Can nicotinamide adenine dinucleotide (NAD+) supplementation reduce fatigue associated with glucagon‑like peptide‑1 (GLP‑1) receptor agonist therapy?

NAD+ Supplementation for GLP-1 Receptor Agonist-Associated Fatigue

There is no evidence supporting NAD+ supplementation to reduce fatigue associated with GLP-1 receptor agonist therapy, and this approach should not be recommended based on current medical literature.

Evidence Gap and Clinical Reality

The question assumes a connection between two unrelated therapeutic areas:

• GLP-1 receptor agonists do not cause fatigue as a primary adverse effect. The most common side effects are gastrointestinal: nausea, vomiting, diarrhea, dyspepsia, and constipation, occurring in 15-20% of patients 1. These are dose-dependent and typically resolve with slow titration 1.

• NAD+ supplementation studies have focused on chronic fatigue syndrome, aging, and metabolic conditions—not medication-related fatigue 2, 3. No published research examines NAD+ for GLP-1 RA side effects.

What the Evidence Actually Shows

GLP-1 Receptor Agonist Side Effect Profile

The documented adverse effects include 1:

• Nausea and vomiting (most common)
• Diarrhea and constipation
• Gastrointestinal reflux
• Cardiac arrhythmia/tachycardia (heart rate increases 3-10 bpm) 4, 5
• Rare: pancreatitis, gallbladder disorders 1, 4

Fatigue is not listed among the common or significant adverse effects in major guidelines 1.

NAD+ Supplementation Evidence

NAD+ (specifically NADH) has been studied for:

• Chronic fatigue syndrome: One trial showed decreased anxiety and maximum heart rate after stress testing, but no improvement in overall fatigue intensity, functional performance, or quality of life 6.
• General populations: Safe and well-tolerated, with potential benefits for muscle insulin sensitivity and inflammatory markers, but evidence remains limited 2, 3.

Common side effects of NAD+ supplementation include muscle pain, nervous disorders, fatigue (ironically), sleep disturbance, and headaches 2—which could potentially worsen rather than improve patient symptoms.

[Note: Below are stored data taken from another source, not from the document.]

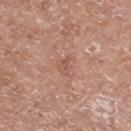Clinical impression: Imaged during a routine full-body skin examination; the lesion was not biopsied and no histopathology is available. Clinical summary: Approximately 2.5 mm at its widest. Located on the right lower leg. Imaged with white-light lighting. Cropped from a whole-body photographic skin survey; the tile spans about 15 mm. A male patient, aged 58–62.
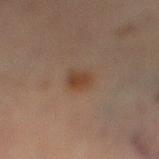biopsy status: catalogued during a skin exam; not biopsied
acquisition: 15 mm crop, total-body photography
automated lesion analysis: an area of roughly 5 mm² and a shape-asymmetry score of about 0.2 (0 = symmetric); a nevus-likeness score of about 90/100
diameter: about 3 mm
tile lighting: cross-polarized
location: the right lower leg
patient: female, about 70 years old
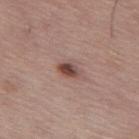biopsy status: imaged on a skin check; not biopsied
subject: female, roughly 60 years of age
lighting: white-light illumination
site: the left thigh
image: 15 mm crop, total-body photography
automated lesion analysis: a lesion area of about 4 mm² and a shape-asymmetry score of about 0.2 (0 = symmetric); an average lesion color of about L≈46 a*≈20 b*≈23 (CIELAB), a lesion–skin lightness drop of about 13, and a normalized border contrast of about 9.5; a nevus-likeness score of about 90/100 and a detector confidence of about 100 out of 100 that the crop contains a lesion
lesion size: ~2.5 mm (longest diameter)
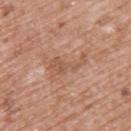The total-body-photography lesion software estimated an average lesion color of about L≈55 a*≈21 b*≈31 (CIELAB), about 7 CIELAB-L* units darker than the surrounding skin, and a normalized lesion–skin contrast near 5.5. The analysis additionally found a classifier nevus-likeness of about 0/100 and a detector confidence of about 100 out of 100 that the crop contains a lesion. Located on the upper back. A female patient aged 38 to 42. The recorded lesion diameter is about 5 mm. A 15 mm close-up extracted from a 3D total-body photography capture. Imaged with white-light lighting.
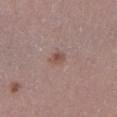notes: imaged on a skin check; not biopsied | imaging modality: ~15 mm tile from a whole-body skin photo | lighting: white-light illumination | patient: female, aged 38 to 42 | body site: the left lower leg.
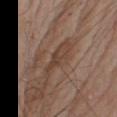Recorded during total-body skin imaging; not selected for excision or biopsy. The lesion is located on the right upper arm. Approximately 5 mm at its widest. A male patient, in their mid-70s. The tile uses white-light illumination. Cropped from a whole-body photographic skin survey; the tile spans about 15 mm.
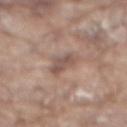biopsy status = total-body-photography surveillance lesion; no biopsy | diameter = about 3.5 mm | site = the mid back | imaging modality = 15 mm crop, total-body photography | TBP lesion metrics = a lesion area of about 5.5 mm², a shape eccentricity near 0.7, and a symmetry-axis asymmetry near 0.35; border irregularity of about 3.5 on a 0–10 scale, a within-lesion color-variation index near 2.5/10, and a peripheral color-asymmetry measure near 0.5; a classifier nevus-likeness of about 0/100 and a lesion-detection confidence of about 95/100 | patient = male, in their 80s | tile lighting = white-light illumination.
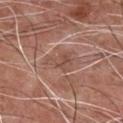biopsy status: no biopsy performed (imaged during a skin exam)
anatomic site: the chest
tile lighting: white-light illumination
subject: male, about 65 years old
image-analysis metrics: an area of roughly 5 mm², an outline eccentricity of about 0.75 (0 = round, 1 = elongated), and a shape-asymmetry score of about 0.6 (0 = symmetric); a border-irregularity rating of about 6.5/10 and a peripheral color-asymmetry measure near 1
image: ~15 mm tile from a whole-body skin photo
diameter: ≈3.5 mm
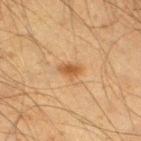The lesion was photographed on a routine skin check and not biopsied; there is no pathology result.
The tile uses cross-polarized illumination.
A male patient, aged around 60.
A 15 mm close-up tile from a total-body photography series done for melanoma screening.
Located on the right thigh.
Longest diameter approximately 2.5 mm.
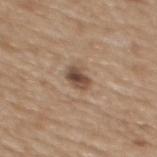Assessment: Captured during whole-body skin photography for melanoma surveillance; the lesion was not biopsied. Acquisition and patient details: This image is a 15 mm lesion crop taken from a total-body photograph. Captured under white-light illumination. The subject is a female aged approximately 70. Longest diameter approximately 2.5 mm. The lesion is located on the upper back. Automated tile analysis of the lesion measured peripheral color asymmetry of about 2. The software also gave an automated nevus-likeness rating near 75 out of 100 and lesion-presence confidence of about 100/100.
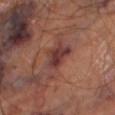Q: Is there a histopathology result?
A: total-body-photography surveillance lesion; no biopsy
Q: What kind of image is this?
A: 15 mm crop, total-body photography
Q: Lesion location?
A: the right thigh
Q: How large is the lesion?
A: about 5.5 mm
Q: Patient demographics?
A: male, aged around 65
Q: What lighting was used for the tile?
A: cross-polarized illumination
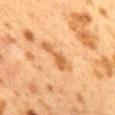Findings:
– workup — no biopsy performed (imaged during a skin exam)
– illumination — cross-polarized
– site — the mid back
– image source — total-body-photography crop, ~15 mm field of view
– subject — female, aged approximately 40
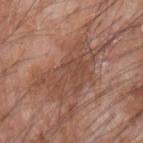The lesion was photographed on a routine skin check and not biopsied; there is no pathology result. The patient is a male aged around 60. A 15 mm crop from a total-body photograph taken for skin-cancer surveillance. From the left forearm. Longest diameter approximately 9.5 mm. The lesion-visualizer software estimated a border-irregularity rating of about 6/10, a within-lesion color-variation index near 3.5/10, and peripheral color asymmetry of about 1. It also reported an automated nevus-likeness rating near 0 out of 100 and a lesion-detection confidence of about 80/100.
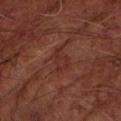{
  "biopsy_status": "not biopsied; imaged during a skin examination",
  "lighting": "cross-polarized",
  "site": "left forearm",
  "image": {
    "source": "total-body photography crop",
    "field_of_view_mm": 15
  },
  "patient": {
    "sex": "male",
    "age_approx": 65
  },
  "lesion_size": {
    "long_diameter_mm_approx": 3.0
  },
  "automated_metrics": {
    "eccentricity": 0.75,
    "shape_asymmetry": 0.35,
    "cielab_L": 28,
    "cielab_a": 24,
    "cielab_b": 24,
    "vs_skin_darker_L": 5.0,
    "vs_skin_contrast_norm": 5.0,
    "color_variation_0_10": 1.5,
    "peripheral_color_asymmetry": 0.5
  }
}
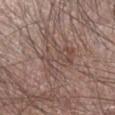Image and clinical context:
Captured under white-light illumination. The lesion's longest dimension is about 4.5 mm. Cropped from a whole-body photographic skin survey; the tile spans about 15 mm. A male patient aged approximately 60. Automated image analysis of the tile measured a shape eccentricity near 0.5 and a shape-asymmetry score of about 0.35 (0 = symmetric). It also reported a mean CIELAB color near L≈48 a*≈16 b*≈22, about 6 CIELAB-L* units darker than the surrounding skin, and a lesion-to-skin contrast of about 4.5 (normalized; higher = more distinct). It also reported a nevus-likeness score of about 0/100. From the arm.
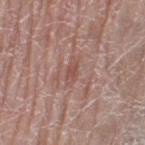Imaged during a routine full-body skin examination; the lesion was not biopsied and no histopathology is available. Imaged with white-light lighting. Longest diameter approximately 2.5 mm. A 15 mm close-up tile from a total-body photography series done for melanoma screening. The subject is a female aged 58 to 62. The lesion is located on the left thigh. Automated tile analysis of the lesion measured a lesion area of about 2.5 mm² and an eccentricity of roughly 0.9. And it measured a border-irregularity index near 2.5/10, internal color variation of about 0.5 on a 0–10 scale, and peripheral color asymmetry of about 0.
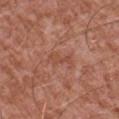| key | value |
|---|---|
| follow-up | total-body-photography surveillance lesion; no biopsy |
| subject | male, aged around 45 |
| body site | the front of the torso |
| image source | ~15 mm crop, total-body skin-cancer survey |
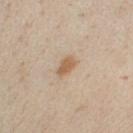workup — no biopsy performed (imaged during a skin exam)
anatomic site — the chest
patient — male, in their 30s
image source — total-body-photography crop, ~15 mm field of view
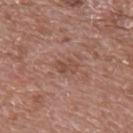Captured during whole-body skin photography for melanoma surveillance; the lesion was not biopsied. Automated tile analysis of the lesion measured an average lesion color of about L≈48 a*≈21 b*≈27 (CIELAB), about 7 CIELAB-L* units darker than the surrounding skin, and a lesion-to-skin contrast of about 5.5 (normalized; higher = more distinct). The software also gave a border-irregularity rating of about 3/10 and internal color variation of about 3 on a 0–10 scale. And it measured a lesion-detection confidence of about 100/100. The tile uses white-light illumination. A roughly 15 mm field-of-view crop from a total-body skin photograph. Approximately 2.5 mm at its widest. A male patient, aged approximately 70. From the upper back.
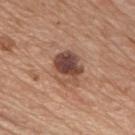Impression: Imaged during a routine full-body skin examination; the lesion was not biopsied and no histopathology is available. Image and clinical context: A 15 mm crop from a total-body photograph taken for skin-cancer surveillance. The subject is a male aged around 75. The lesion's longest dimension is about 4 mm. The lesion is located on the chest. Imaged with white-light lighting.
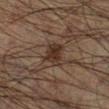Recorded during total-body skin imaging; not selected for excision or biopsy.
A male subject aged 48–52.
Cropped from a whole-body photographic skin survey; the tile spans about 15 mm.
Located on the leg.
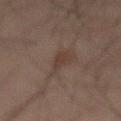Clinical impression:
The lesion was tiled from a total-body skin photograph and was not biopsied.
Context:
The patient is a male in their mid-40s. Cropped from a whole-body photographic skin survey; the tile spans about 15 mm. From the abdomen.
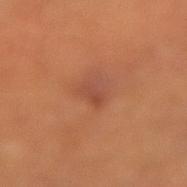Q: Was this lesion biopsied?
A: imaged on a skin check; not biopsied
Q: What is the imaging modality?
A: ~15 mm tile from a whole-body skin photo
Q: Illumination type?
A: cross-polarized illumination
Q: What is the lesion's diameter?
A: ≈2 mm
Q: What is the anatomic site?
A: the left forearm
Q: What did automated image analysis measure?
A: a lesion color around L≈45 a*≈26 b*≈31 in CIELAB, about 6 CIELAB-L* units darker than the surrounding skin, and a normalized lesion–skin contrast near 5.5; a nevus-likeness score of about 0/100 and a detector confidence of about 100 out of 100 that the crop contains a lesion
Q: What are the patient's age and sex?
A: male, about 55 years old
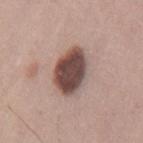Clinical impression: The lesion was photographed on a routine skin check and not biopsied; there is no pathology result. Image and clinical context: The lesion's longest dimension is about 5 mm. Imaged with white-light lighting. Located on the mid back. The total-body-photography lesion software estimated border irregularity of about 1.5 on a 0–10 scale and a within-lesion color-variation index near 5/10. The software also gave a detector confidence of about 100 out of 100 that the crop contains a lesion. The subject is a male in their mid- to late 40s. A 15 mm close-up extracted from a 3D total-body photography capture.
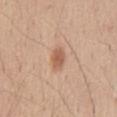Assessment: Part of a total-body skin-imaging series; this lesion was reviewed on a skin check and was not flagged for biopsy. Image and clinical context: Cropped from a total-body skin-imaging series; the visible field is about 15 mm. From the abdomen. A male patient, about 55 years old. Automated tile analysis of the lesion measured a lesion area of about 5 mm². The analysis additionally found roughly 10 lightness units darker than nearby skin and a normalized border contrast of about 7. And it measured a border-irregularity rating of about 2.5/10, internal color variation of about 2.5 on a 0–10 scale, and peripheral color asymmetry of about 0.5. It also reported an automated nevus-likeness rating near 95 out of 100. About 3.5 mm across. Captured under white-light illumination.
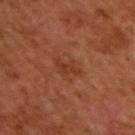* follow-up: catalogued during a skin exam; not biopsied
* size: about 3 mm
* illumination: cross-polarized illumination
* acquisition: ~15 mm crop, total-body skin-cancer survey
* site: the upper back
* patient: male, aged approximately 50
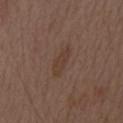Q: Is there a histopathology result?
A: catalogued during a skin exam; not biopsied
Q: Lesion size?
A: ~4 mm (longest diameter)
Q: What are the patient's age and sex?
A: male, aged around 70
Q: How was the tile lit?
A: white-light illumination
Q: What kind of image is this?
A: total-body-photography crop, ~15 mm field of view
Q: What is the anatomic site?
A: the mid back
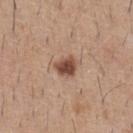Recorded during total-body skin imaging; not selected for excision or biopsy. The recorded lesion diameter is about 2.5 mm. The subject is a male aged around 60. Imaged with white-light lighting. A 15 mm close-up extracted from a 3D total-body photography capture. The lesion is on the front of the torso.
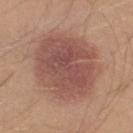The lesion was photographed on a routine skin check and not biopsied; there is no pathology result.
The subject is a male aged around 30.
The lesion is on the left lower leg.
Approximately 8 mm at its widest.
A 15 mm close-up tile from a total-body photography series done for melanoma screening.
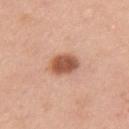Findings:
• follow-up · total-body-photography surveillance lesion; no biopsy
• anatomic site · the left upper arm
• illumination · white-light
• diameter · about 3.5 mm
• acquisition · total-body-photography crop, ~15 mm field of view
• subject · female, in their mid-30s
• image-analysis metrics · border irregularity of about 1 on a 0–10 scale and a peripheral color-asymmetry measure near 1; an automated nevus-likeness rating near 100 out of 100 and a lesion-detection confidence of about 100/100
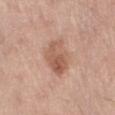Q: Was a biopsy performed?
A: imaged on a skin check; not biopsied
Q: What is the anatomic site?
A: the left thigh
Q: How was this image acquired?
A: total-body-photography crop, ~15 mm field of view
Q: What is the lesion's diameter?
A: ~4.5 mm (longest diameter)
Q: Patient demographics?
A: male, aged approximately 70
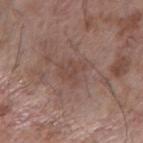biopsy_status: not biopsied; imaged during a skin examination
site: right forearm
image:
  source: total-body photography crop
  field_of_view_mm: 15
patient:
  sex: male
  age_approx: 60
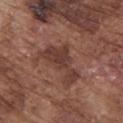Q: Is there a histopathology result?
A: total-body-photography surveillance lesion; no biopsy
Q: What are the patient's age and sex?
A: male, roughly 75 years of age
Q: Lesion location?
A: the chest
Q: What kind of image is this?
A: 15 mm crop, total-body photography
Q: How was the tile lit?
A: white-light illumination
Q: What is the lesion's diameter?
A: ≈5.5 mm
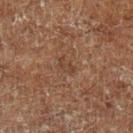size: about 2.5 mm; acquisition: ~15 mm tile from a whole-body skin photo; tile lighting: cross-polarized illumination; patient: male, aged 58 to 62; anatomic site: the left lower leg.
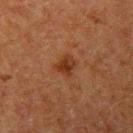Recorded during total-body skin imaging; not selected for excision or biopsy.
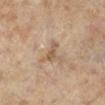* biopsy status: no biopsy performed (imaged during a skin exam)
* body site: the right lower leg
* image: ~15 mm crop, total-body skin-cancer survey
* lesion size: ~2.5 mm (longest diameter)
* subject: female, aged approximately 60
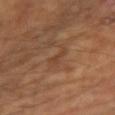Recorded during total-body skin imaging; not selected for excision or biopsy. A 15 mm close-up tile from a total-body photography series done for melanoma screening. The lesion is located on the arm. A male subject, aged 63 to 67.
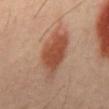Notes:
- workup — imaged on a skin check; not biopsied
- anatomic site — the mid back
- illumination — cross-polarized illumination
- subject — male, approximately 45 years of age
- imaging modality — ~15 mm crop, total-body skin-cancer survey
- automated metrics — a footprint of about 15 mm², a shape eccentricity near 0.85, and a symmetry-axis asymmetry near 0.3; internal color variation of about 3.5 on a 0–10 scale and a peripheral color-asymmetry measure near 1
- size — ≈6 mm
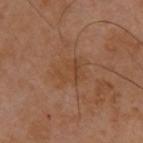Impression:
The lesion was tiled from a total-body skin photograph and was not biopsied.
Background:
The lesion's longest dimension is about 4 mm. The lesion is on the upper back. An algorithmic analysis of the crop reported border irregularity of about 3.5 on a 0–10 scale and a peripheral color-asymmetry measure near 1. This is a cross-polarized tile. The patient is a male aged around 40. A roughly 15 mm field-of-view crop from a total-body skin photograph.

Clinical Algorithm for Managing GLP-1 RA-Related Symptoms

If a patient reports fatigue while on GLP-1 RA therapy:

1. Investigate alternative causes first 7:

   • Hypoglycemia (though rare with GLP-1 RAs alone)
   • Dehydration from gastrointestinal side effects
   • Rapid weight loss
   • Underlying cardiovascular disease progression
   • Concurrent medications
   • Unrelated medical conditions

2. Optimize GLP-1 RA dosing 1:

   • Ensure slow titration from low starting doses
   • Consider reducing dose temporarily if symptoms are severe
   • Evaluate timing of administration

3. Manage gastrointestinal symptoms aggressively 1:

   • Reduce meal size
   • Limit alcohol and carbonated drinks
   • Avoid high-fat diet
   • These interventions may indirectly improve energy levels

4. Consider medication alternatives only if symptoms persist 1:

   • SGLT2 inhibitors (particularly in heart failure or CKD)
   • DPP-4 inhibitors
   • Other glucose-lowering agents based on comorbidities

Critical Pitfall

Do not attribute non-specific symptoms to GLP-1 RAs without proper evaluation. The comprehensive safety analysis of GLP-1 RAs across 175 health outcomes did not identify fatigue as a significant risk 7. Pursuing unproven supplements like NAD+ delays appropriate diagnosis and management of the actual underlying problem.